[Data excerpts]
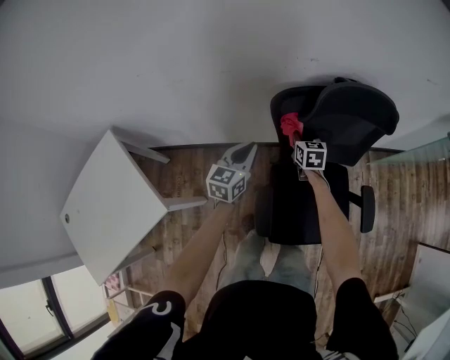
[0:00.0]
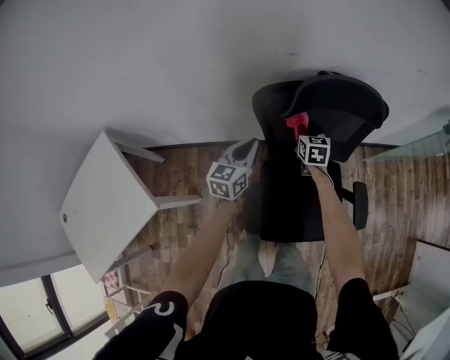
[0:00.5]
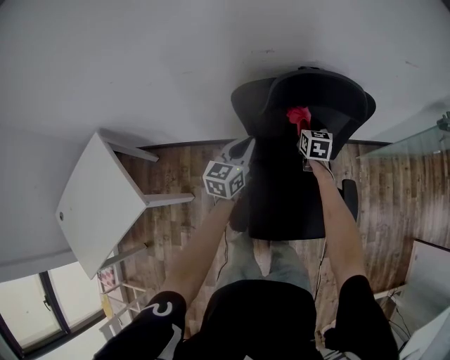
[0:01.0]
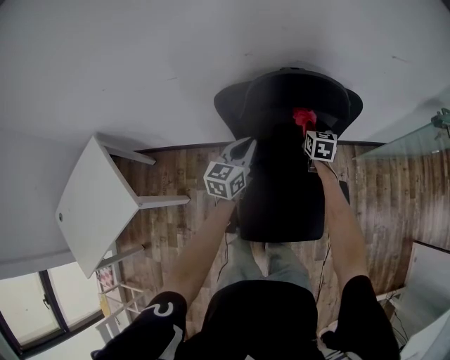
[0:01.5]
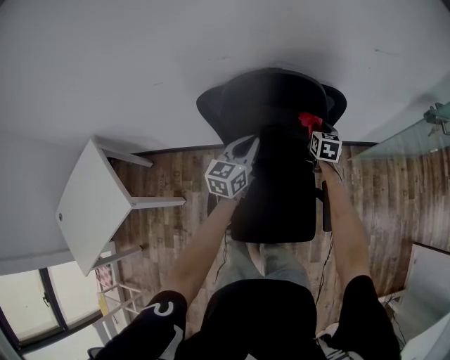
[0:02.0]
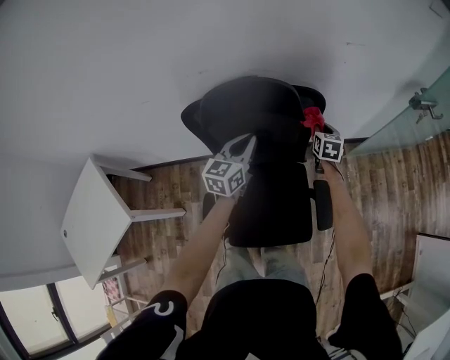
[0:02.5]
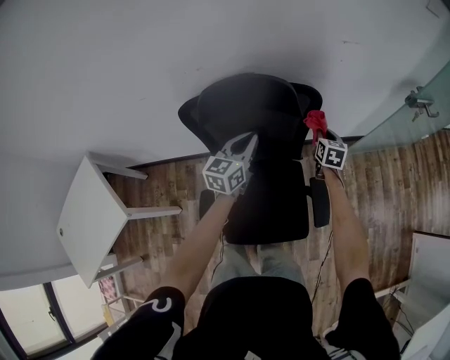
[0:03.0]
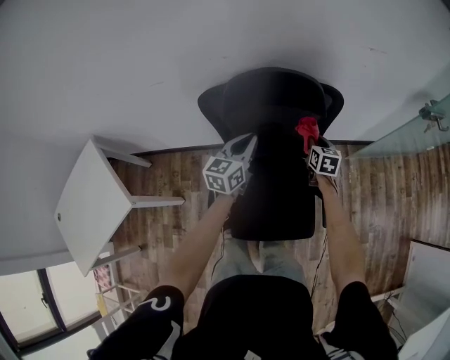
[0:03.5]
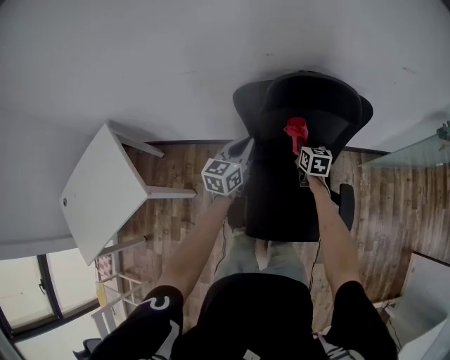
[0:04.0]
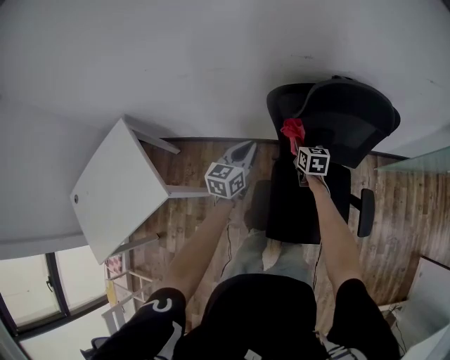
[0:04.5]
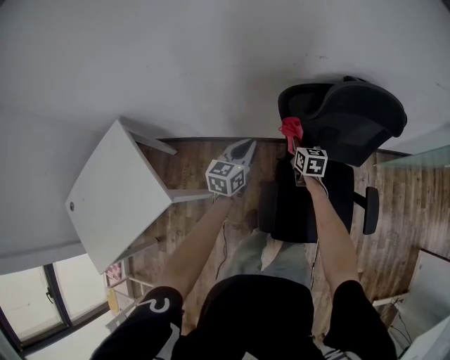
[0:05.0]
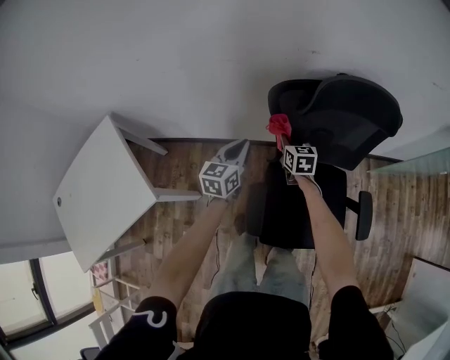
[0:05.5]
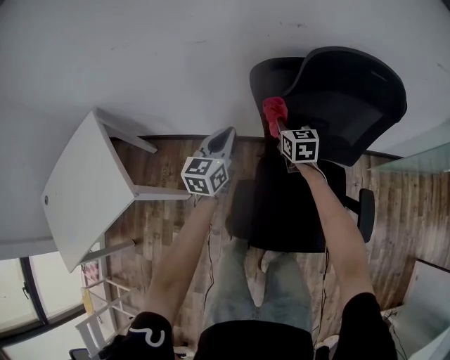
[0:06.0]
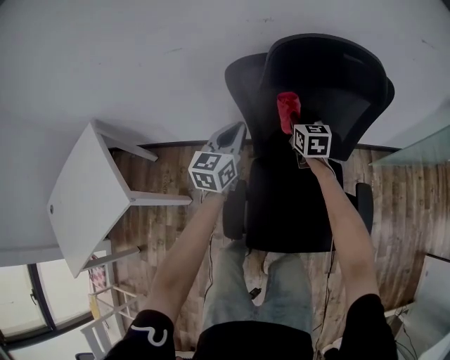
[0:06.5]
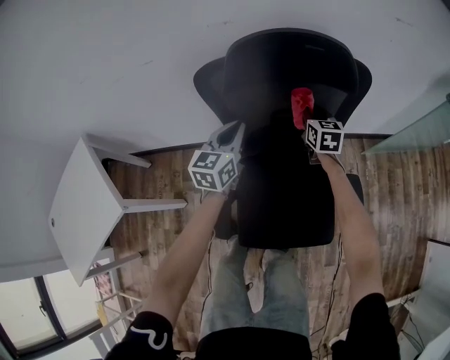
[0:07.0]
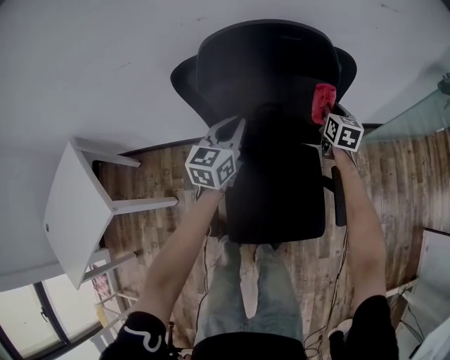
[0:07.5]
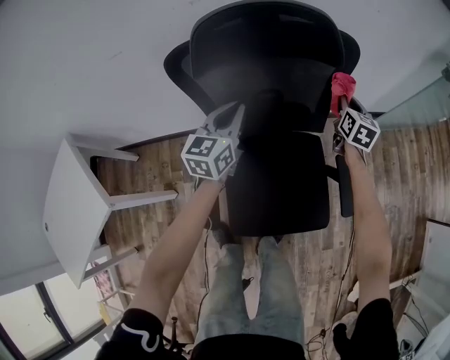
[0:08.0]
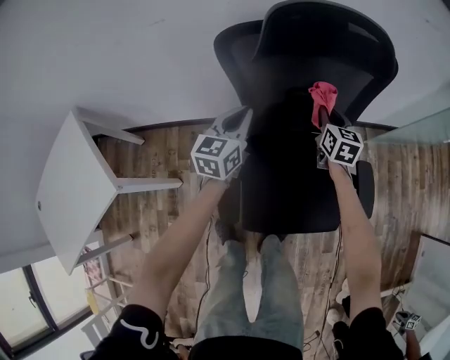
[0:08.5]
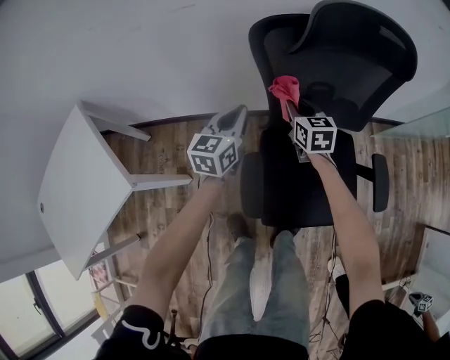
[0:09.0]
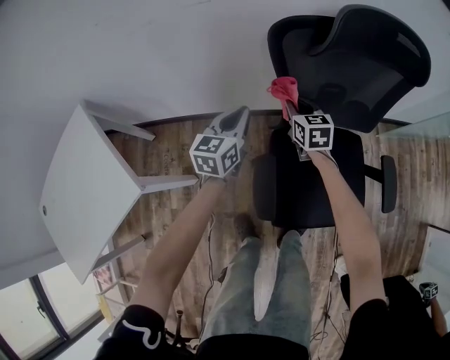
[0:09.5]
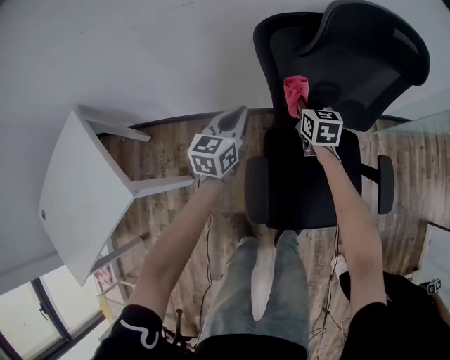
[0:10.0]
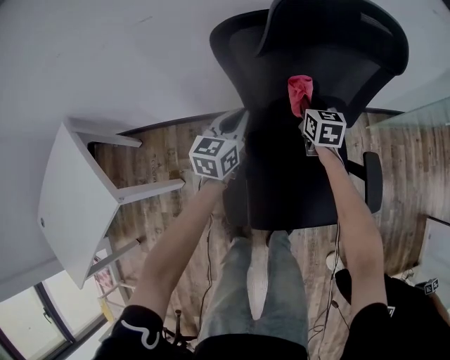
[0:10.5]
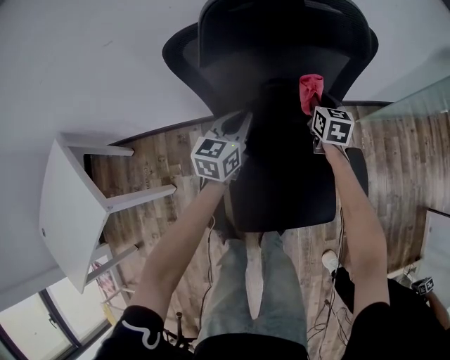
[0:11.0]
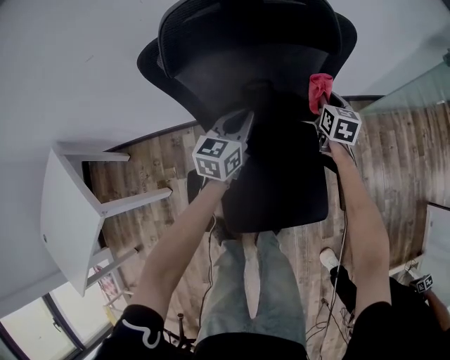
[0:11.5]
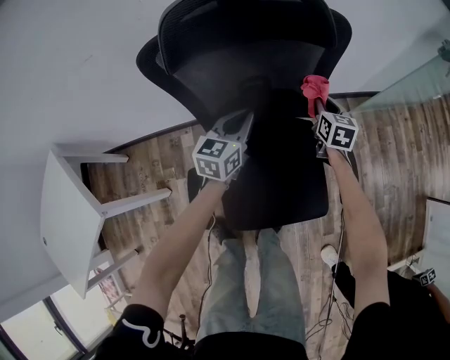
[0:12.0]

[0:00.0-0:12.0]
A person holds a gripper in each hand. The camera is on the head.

→ WORK ORDER
The task calls for every record to be transcribed exactly, with no images included.

→ OUTPUT
[0:00.0]
[0:00.5]
[0:01.0]
[0:01.5]
[0:02.0]
[0:02.5]
[0:03.0]
[0:03.5]
[0:04.0]
[0:04.5]
[0:05.0]
[0:05.5]
[0:06.0]
[0:06.5]
[0:07.0]
[0:07.5]
[0:08.0]
[0:08.5]
[0:09.0]
[0:09.5]
[0:10.0]
[0:10.5]
[0:11.0]
[0:11.5]
[0:12.0]

[0:00.0-0:12.0]
A person holds a gripper in each hand. The camera is on the head.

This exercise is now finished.